Chi vuol essere spontaneo?

«In realtà non c’è nulla di più accattivante e convincente della spontaneità, sia che la si trovi nel bambino, o nell’artista sia che la si trovi in quegli individui che non rientrano per età o professione in questi due gruppi.»
Erich Fromm, psicoanalista e sociologo tedesco  

Non ci sono privilegiati della spontaneità. È un frutto che possiamo cogliere e donare tutti. Tuttavia, per Fromm che aveva la capacità di racchiudere un mondo di pensieri e significati in poche e semplici righe, la spontaneità era molto più di quello che sembra suggerire la frase citata. Era una possibile via di liberazione.

«Può esistere la libertà in un mondo di maschere e di automi in cui l’avere schiaccia l’essere e la menzogna è la regola dei rapporti umani?»

In “Fuga dalla libertà“, uno dei grandi libri del Novecento, Erich Fromm prova a spiegarci perché è nella spontaneità dei sentimenti e dell’agire che dobbiamo cercare la possibile via di salvezza dalle costrizioni che ci affliggono. Di più: «è la risposta al problema della libertà».

Vediamo come.

COS’È LA SPONTANEITÀ
«L’attività spontanea non è l’attività coatta, alla quale l’individuo è spinto dall’isolamento e dall’impotenza; non è l’attività dell’automa, che è assimilazione acritica di modelli suggeriti dall’esterno. L’attività spontanea è libera attività dell’io e implica, psicologicamente, quello che la radice latina della parola, sponte, significata letteralmente: di propria libera volontà. Per attività non intendiamo il «far qualcosa», bensì quell’attività creativa che può operare nelle proprie esperienze emotive, intellettuali e sensuali, e anche nella propria stessa volontà. Un presupposto di questa spontaneità è l’accettazione della personalità totale, e l’eliminazione della spaccatura tra «ragione» e «natura»; infatti, solamente se l’uomo non reprime parti essenziali del proprio essere, solo se è diventato trasparente a sé stesso, e solo se le diverse sfere della vita hanno raggiunto una fondamentale integrazione, l’attività spontanea è possibile.»

CHI PUÒ ESSERE SPONTANEO?
«Benché la spontaneità sia un fenomeno relativamente raro nella nostra civiltà, non è che ne siamo completamente privi. Per aiutare a comprendere questo punto, vorrei ricordare al lettore alcuni casi in cui tutti vediamo un barlume: di spontaneità.

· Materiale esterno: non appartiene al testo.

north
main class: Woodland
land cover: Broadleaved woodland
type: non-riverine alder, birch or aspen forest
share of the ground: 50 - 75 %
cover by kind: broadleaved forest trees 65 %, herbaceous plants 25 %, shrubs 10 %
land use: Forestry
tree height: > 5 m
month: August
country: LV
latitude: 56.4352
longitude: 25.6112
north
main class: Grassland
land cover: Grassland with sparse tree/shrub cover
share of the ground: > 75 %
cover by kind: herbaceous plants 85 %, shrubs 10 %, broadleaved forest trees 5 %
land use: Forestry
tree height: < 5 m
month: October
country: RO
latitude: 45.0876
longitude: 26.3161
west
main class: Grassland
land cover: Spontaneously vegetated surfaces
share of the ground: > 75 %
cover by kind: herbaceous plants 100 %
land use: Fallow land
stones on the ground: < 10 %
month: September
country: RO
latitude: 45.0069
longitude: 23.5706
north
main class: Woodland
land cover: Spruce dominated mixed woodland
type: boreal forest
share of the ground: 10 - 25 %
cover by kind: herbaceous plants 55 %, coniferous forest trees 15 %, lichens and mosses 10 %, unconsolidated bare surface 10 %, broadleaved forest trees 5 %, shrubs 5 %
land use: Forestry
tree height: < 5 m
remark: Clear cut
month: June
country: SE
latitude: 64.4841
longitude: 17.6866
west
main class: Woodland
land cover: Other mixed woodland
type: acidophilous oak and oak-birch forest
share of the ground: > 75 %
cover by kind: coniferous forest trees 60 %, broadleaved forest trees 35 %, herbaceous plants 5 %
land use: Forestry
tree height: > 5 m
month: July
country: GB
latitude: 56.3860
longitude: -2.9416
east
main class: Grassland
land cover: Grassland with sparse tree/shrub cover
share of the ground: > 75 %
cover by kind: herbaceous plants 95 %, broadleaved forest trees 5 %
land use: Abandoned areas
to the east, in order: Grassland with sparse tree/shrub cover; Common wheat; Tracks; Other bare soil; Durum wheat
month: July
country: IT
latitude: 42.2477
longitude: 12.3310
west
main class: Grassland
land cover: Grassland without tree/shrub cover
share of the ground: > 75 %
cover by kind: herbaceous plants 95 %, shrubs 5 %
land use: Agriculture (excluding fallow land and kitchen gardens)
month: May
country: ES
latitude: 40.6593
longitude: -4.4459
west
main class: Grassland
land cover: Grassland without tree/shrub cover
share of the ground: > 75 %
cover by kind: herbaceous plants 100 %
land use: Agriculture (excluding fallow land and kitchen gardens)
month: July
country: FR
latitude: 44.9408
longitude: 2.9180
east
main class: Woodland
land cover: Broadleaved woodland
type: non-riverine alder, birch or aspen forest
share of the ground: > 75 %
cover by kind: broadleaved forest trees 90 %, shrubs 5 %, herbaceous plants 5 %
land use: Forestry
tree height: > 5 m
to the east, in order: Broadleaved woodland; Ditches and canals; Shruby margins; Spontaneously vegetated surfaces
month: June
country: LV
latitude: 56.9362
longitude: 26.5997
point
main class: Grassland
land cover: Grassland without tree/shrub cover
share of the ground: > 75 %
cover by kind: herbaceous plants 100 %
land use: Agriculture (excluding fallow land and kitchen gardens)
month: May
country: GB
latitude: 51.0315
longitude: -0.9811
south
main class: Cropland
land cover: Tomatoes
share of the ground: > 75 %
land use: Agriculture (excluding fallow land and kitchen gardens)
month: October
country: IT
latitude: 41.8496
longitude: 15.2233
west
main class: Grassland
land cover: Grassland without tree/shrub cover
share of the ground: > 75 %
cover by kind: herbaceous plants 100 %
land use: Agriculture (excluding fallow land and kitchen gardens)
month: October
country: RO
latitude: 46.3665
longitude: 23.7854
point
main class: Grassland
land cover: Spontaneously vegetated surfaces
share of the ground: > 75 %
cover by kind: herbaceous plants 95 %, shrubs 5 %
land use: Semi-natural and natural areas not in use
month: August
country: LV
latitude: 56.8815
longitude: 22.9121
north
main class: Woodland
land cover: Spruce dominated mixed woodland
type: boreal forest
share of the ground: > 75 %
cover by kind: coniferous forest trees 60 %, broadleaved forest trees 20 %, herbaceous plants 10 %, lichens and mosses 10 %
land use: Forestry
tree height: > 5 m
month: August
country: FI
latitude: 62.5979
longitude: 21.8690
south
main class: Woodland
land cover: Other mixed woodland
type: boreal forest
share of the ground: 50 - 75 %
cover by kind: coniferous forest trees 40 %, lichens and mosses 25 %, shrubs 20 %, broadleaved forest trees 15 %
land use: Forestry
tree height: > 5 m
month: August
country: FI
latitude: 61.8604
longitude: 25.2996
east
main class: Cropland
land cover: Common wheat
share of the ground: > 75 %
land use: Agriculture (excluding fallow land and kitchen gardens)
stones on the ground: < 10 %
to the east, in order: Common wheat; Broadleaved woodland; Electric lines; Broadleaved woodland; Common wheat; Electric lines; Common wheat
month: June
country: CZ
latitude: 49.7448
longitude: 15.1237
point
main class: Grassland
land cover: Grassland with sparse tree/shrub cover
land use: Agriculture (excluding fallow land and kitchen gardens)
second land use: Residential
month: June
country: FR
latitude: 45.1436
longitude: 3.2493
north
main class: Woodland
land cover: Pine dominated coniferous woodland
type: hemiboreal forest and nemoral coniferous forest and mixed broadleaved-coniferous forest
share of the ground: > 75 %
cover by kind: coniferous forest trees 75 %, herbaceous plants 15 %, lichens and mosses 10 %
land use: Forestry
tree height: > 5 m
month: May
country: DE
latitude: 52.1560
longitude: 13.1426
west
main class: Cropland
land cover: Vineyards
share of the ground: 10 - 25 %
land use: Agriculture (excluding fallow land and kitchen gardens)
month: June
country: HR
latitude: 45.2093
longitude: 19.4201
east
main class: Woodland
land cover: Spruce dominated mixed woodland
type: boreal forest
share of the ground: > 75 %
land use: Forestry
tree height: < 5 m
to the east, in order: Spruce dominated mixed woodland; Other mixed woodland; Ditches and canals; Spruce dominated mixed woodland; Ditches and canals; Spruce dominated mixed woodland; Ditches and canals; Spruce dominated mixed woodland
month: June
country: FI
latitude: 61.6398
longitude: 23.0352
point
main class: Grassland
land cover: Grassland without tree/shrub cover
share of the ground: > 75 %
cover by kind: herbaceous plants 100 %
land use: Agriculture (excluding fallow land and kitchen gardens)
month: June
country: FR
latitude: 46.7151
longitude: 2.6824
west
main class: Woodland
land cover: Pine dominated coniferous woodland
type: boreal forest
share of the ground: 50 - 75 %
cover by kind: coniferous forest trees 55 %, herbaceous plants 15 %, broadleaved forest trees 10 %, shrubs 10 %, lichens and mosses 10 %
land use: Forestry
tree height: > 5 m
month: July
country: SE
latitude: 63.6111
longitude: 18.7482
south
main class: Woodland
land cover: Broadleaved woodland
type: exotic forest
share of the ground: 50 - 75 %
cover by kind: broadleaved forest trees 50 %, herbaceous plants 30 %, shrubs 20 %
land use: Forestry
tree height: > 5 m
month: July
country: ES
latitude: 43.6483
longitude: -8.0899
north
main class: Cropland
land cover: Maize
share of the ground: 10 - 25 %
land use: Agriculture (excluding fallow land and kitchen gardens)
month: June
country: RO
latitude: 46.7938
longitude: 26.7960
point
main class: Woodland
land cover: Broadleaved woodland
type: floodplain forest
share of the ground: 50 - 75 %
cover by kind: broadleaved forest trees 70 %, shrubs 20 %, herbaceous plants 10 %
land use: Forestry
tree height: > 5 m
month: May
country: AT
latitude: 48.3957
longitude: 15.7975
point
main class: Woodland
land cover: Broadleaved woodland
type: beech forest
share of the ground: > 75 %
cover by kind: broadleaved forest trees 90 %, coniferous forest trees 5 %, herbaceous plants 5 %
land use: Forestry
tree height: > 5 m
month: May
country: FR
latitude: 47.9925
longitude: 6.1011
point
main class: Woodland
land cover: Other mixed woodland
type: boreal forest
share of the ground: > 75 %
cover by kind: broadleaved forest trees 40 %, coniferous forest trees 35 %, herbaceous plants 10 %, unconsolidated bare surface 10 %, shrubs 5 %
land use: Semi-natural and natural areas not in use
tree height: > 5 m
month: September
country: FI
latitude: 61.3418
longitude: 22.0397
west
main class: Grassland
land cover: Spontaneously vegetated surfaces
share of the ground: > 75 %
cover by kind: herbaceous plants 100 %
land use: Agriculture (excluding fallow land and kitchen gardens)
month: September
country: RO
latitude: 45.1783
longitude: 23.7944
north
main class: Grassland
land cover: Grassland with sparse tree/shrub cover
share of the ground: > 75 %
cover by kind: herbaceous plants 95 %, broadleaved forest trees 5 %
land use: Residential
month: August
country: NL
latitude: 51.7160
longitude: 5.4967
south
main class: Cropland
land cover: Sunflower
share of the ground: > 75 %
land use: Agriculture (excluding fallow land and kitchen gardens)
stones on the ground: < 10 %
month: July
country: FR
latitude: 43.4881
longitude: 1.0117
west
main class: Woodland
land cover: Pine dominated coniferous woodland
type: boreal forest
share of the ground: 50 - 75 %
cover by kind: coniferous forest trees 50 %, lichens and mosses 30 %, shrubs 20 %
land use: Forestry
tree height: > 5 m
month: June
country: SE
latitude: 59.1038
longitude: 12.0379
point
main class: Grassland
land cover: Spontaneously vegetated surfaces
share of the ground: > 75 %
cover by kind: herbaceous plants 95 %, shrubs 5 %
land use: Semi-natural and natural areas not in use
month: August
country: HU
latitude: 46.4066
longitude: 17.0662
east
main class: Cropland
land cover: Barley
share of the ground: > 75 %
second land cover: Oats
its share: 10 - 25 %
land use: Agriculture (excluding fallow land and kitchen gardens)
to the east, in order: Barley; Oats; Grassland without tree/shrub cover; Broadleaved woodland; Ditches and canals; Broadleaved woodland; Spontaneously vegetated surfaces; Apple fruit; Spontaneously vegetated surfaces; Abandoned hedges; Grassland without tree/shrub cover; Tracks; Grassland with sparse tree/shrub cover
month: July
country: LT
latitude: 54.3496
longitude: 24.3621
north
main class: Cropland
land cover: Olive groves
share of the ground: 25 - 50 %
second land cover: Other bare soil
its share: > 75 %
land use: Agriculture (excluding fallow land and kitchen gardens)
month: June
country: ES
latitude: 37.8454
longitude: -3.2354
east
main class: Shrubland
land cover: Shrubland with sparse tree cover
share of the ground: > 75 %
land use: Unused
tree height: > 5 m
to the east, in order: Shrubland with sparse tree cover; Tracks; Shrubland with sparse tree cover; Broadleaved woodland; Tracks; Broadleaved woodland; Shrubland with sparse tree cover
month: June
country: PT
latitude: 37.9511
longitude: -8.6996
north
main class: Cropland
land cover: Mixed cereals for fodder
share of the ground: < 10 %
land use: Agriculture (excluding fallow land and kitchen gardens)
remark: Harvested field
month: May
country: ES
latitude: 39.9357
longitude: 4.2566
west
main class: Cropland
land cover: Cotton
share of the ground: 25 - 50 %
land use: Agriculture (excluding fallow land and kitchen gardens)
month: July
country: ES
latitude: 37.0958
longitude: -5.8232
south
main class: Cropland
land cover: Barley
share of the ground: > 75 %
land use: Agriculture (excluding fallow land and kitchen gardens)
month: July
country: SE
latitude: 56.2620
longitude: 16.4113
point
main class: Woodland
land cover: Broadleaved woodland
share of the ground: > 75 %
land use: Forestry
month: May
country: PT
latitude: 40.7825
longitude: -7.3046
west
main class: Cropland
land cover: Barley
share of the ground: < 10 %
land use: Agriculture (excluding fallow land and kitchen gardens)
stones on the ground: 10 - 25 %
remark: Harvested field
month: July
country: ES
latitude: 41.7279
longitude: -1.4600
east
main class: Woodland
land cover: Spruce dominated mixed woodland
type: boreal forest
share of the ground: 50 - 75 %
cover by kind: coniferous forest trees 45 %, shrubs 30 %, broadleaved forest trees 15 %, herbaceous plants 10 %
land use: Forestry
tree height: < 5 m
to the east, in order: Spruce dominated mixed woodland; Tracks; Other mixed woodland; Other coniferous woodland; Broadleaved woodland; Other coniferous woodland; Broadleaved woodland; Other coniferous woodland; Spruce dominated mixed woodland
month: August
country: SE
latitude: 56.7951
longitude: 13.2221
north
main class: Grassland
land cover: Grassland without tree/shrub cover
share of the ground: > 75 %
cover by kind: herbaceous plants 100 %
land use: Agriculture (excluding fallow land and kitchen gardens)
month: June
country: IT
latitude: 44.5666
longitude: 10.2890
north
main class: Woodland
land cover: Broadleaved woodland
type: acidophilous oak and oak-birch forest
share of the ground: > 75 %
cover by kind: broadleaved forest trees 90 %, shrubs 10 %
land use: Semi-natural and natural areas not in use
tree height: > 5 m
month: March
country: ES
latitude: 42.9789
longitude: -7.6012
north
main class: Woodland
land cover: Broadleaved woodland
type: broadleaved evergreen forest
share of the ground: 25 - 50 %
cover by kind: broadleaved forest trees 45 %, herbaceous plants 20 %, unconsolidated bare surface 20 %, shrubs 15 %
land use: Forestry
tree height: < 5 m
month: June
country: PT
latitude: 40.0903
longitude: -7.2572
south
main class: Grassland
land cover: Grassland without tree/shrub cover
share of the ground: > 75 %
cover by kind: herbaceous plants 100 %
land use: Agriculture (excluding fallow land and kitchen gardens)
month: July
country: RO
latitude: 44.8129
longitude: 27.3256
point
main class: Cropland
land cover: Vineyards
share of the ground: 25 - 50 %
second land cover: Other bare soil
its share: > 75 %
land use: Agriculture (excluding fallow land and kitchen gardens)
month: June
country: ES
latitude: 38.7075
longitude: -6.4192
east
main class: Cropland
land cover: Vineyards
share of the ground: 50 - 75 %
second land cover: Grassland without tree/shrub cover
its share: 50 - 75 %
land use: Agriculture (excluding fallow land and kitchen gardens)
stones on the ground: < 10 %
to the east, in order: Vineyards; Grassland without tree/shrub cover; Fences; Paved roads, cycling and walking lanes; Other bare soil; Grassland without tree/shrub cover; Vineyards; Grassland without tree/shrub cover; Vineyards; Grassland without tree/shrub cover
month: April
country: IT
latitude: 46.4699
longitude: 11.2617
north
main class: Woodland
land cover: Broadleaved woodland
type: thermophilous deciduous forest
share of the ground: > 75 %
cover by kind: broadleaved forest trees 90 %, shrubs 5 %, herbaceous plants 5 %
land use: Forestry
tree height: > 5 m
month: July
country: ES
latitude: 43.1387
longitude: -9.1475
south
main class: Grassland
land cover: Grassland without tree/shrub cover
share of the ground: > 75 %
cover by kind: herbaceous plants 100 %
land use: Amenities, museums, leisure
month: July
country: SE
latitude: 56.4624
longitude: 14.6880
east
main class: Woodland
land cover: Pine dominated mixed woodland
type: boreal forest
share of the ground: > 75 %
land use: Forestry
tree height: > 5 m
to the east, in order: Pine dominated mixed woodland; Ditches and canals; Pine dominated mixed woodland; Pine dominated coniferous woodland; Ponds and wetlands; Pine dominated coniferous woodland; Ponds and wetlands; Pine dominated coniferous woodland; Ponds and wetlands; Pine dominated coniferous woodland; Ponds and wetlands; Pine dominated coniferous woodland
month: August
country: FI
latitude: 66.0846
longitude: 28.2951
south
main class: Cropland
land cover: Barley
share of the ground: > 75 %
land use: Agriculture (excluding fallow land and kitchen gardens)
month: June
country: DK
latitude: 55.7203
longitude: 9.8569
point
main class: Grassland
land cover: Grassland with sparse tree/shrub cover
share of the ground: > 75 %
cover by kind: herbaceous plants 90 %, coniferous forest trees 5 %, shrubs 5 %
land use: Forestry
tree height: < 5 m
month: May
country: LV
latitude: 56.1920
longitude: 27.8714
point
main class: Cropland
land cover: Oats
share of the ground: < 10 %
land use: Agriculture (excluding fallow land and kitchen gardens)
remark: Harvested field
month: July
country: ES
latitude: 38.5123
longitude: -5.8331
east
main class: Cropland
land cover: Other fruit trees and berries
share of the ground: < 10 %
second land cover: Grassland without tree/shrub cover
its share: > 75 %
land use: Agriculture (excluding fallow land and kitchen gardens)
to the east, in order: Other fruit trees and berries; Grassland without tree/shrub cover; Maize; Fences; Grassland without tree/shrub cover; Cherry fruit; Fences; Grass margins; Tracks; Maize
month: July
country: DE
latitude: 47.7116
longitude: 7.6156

In primo luogo, conosciamo individui che sono – o sono stati – spontanei, i cui pensieri, sentimenti e atti sono l’espressione di loro stessi e non di un automa. Questi individui ci sono familiari per lo più come artisti. Infatti l’artista può essere definito un individuo in grado di esprimersi spontaneamente Se questa è la definizione dell’artista – Balzac lo definiva proprio in questo modo – allora certi filosofi e scienziati devono anch’essi venir chiamati artisti, mentre altri che passano per tali sono tanto lontani dall’artista quanto un vecchio fotografo può esserlo da un pittore creativo. Ci sono poi altri individui i quali, pur non avendo la capacità – o forse semplicemente la preparazione – per esprimersi in un mezzo oggettivo come fa l’artista, possiedono la stessa spontaneità. Ma la posizione dell’artista è vulnerabile, poiché in realtà si rispetta l’individualità e la spontaneità del solo artista riuscito; se non riesce a vendere la sua arte, egli resta per i suoi contemporanei un eccentrico, un nevrotico. In questo senso l’artista sta in una posizione simile a quella che ha sempre contraddistinto il rivoluzionario. Il rivoluzionario vittorioso è uno statista, mentre il rivoluzionario fallito è un criminale.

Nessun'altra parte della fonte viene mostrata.